How PARTs assemble into wholes: Learning the relative composition of images
Melika Ayoughi, Samira Abnar, Chen Huang, Chris Sandino, Sayeri Lala, Eeshan Gunesh Dhekane, Dan Busbridge, Shuangfei Zhai, Vimal Thilak, Josh Susskind, Pascal Mettes, Paul Groth, Hanlin Goh

TL;DR
This paper introduces PART, a self-supervised learning method that models continuous relative positions of image parts, improving spatial understanding and robustness over grid-based approaches across various tasks.
Contribution
PART leverages continuous relative transformations between off-grid patches, enabling more flexible and accurate modeling of object composition in images.
Findings
Outperforms grid-based methods like MAE and DropPos in object detection and time series prediction.

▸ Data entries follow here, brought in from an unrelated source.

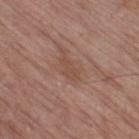Impression:
Recorded during total-body skin imaging; not selected for excision or biopsy.
Background:
A male subject, approximately 70 years of age. Located on the right thigh. Captured under white-light illumination. Longest diameter approximately 3 mm. This image is a 15 mm lesion crop taken from a total-body photograph.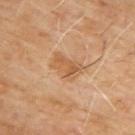follow-up: imaged on a skin check; not biopsied
automated lesion analysis: an outline eccentricity of about 0.8 (0 = round, 1 = elongated) and a shape-asymmetry score of about 0.25 (0 = symmetric); a mean CIELAB color near L≈55 a*≈20 b*≈36 and a normalized lesion–skin contrast near 6; a border-irregularity index near 3/10, a within-lesion color-variation index near 3.5/10, and a peripheral color-asymmetry measure near 1.5
patient: male, aged 63–67
illumination: cross-polarized illumination
lesion size: ≈4 mm
location: the upper back
image source: total-body-photography crop, ~15 mm field of view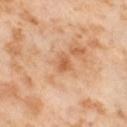Part of a total-body skin-imaging series; this lesion was reviewed on a skin check and was not flagged for biopsy. This is a cross-polarized tile. On the left thigh. A female patient, approximately 55 years of age. A lesion tile, about 15 mm wide, cut from a 3D total-body photograph.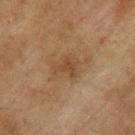Clinical impression:
Imaged during a routine full-body skin examination; the lesion was not biopsied and no histopathology is available.
Clinical summary:
A male subject aged 73 to 77. Measured at roughly 3 mm in maximum diameter. From the left upper arm. A region of skin cropped from a whole-body photographic capture, roughly 15 mm wide. The total-body-photography lesion software estimated a border-irregularity index near 6/10 and a peripheral color-asymmetry measure near 0.5. And it measured a detector confidence of about 100 out of 100 that the crop contains a lesion.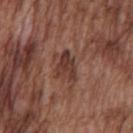Clinical impression: No biopsy was performed on this lesion — it was imaged during a full skin examination and was not determined to be concerning. Context: The subject is a male in their mid-70s. The lesion is located on the chest. Approximately 3.5 mm at its widest. The tile uses white-light illumination. A 15 mm close-up extracted from a 3D total-body photography capture. An algorithmic analysis of the crop reported a lesion area of about 5.5 mm², a shape eccentricity near 0.75, and a symmetry-axis asymmetry near 0.45. It also reported about 9 CIELAB-L* units darker than the surrounding skin and a lesion-to-skin contrast of about 8 (normalized; higher = more distinct). The software also gave a border-irregularity index near 5/10, a within-lesion color-variation index near 2.5/10, and radial color variation of about 1. And it measured a nevus-likeness score of about 0/100 and a detector confidence of about 95 out of 100 that the crop contains a lesion.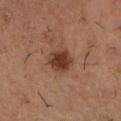Impression: Recorded during total-body skin imaging; not selected for excision or biopsy. Image and clinical context: On the left forearm. A 15 mm crop from a total-body photograph taken for skin-cancer surveillance. Longest diameter approximately 3.5 mm. The patient is a male approximately 55 years of age.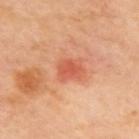Clinical impression:
No biopsy was performed on this lesion — it was imaged during a full skin examination and was not determined to be concerning.
Image and clinical context:
On the upper back. This image is a 15 mm lesion crop taken from a total-body photograph. The lesion's longest dimension is about 3 mm.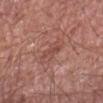  biopsy_status: not biopsied; imaged during a skin examination
  lesion_size:
    long_diameter_mm_approx: 3.5
  patient:
    sex: male
    age_approx: 65
  site: arm
  lighting: white-light
  image:
    source: total-body photography crop
    field_of_view_mm: 15
  automated_metrics:
    cielab_L: 49
    cielab_a: 24
    cielab_b: 25
    vs_skin_contrast_norm: 5.0
    border_irregularity_0_10: 2.5
    color_variation_0_10: 3.5
    peripheral_color_asymmetry: 1.0

Maintains competitive performance on global classification tasks.
Applicable to diverse data types including EEG signals, medical imaging, video, and audio.
Abstract
The composition of objects and their parts, along with object-object positional relationships, provides a rich source of information for representation learning. Hence, spatial-aware pretext tasks have been actively explored in self-supervised learning. Existing works commonly start from a grid structure, where the goal of the pretext task involves predicting the absolute position index of patches within a fixed grid. However, grid-based approaches fall short of capturing the fluid and continuous nature of real-world object compositions. We introduce PART, a self-supervised learning approach that leverages continuous relative transformations between off-grid patches to overcome these limitations. By modeling how parts relate to each other in a continuous space, PART learns the relative composition of images-an off-grid structural relative positioning that is less tied to absolute…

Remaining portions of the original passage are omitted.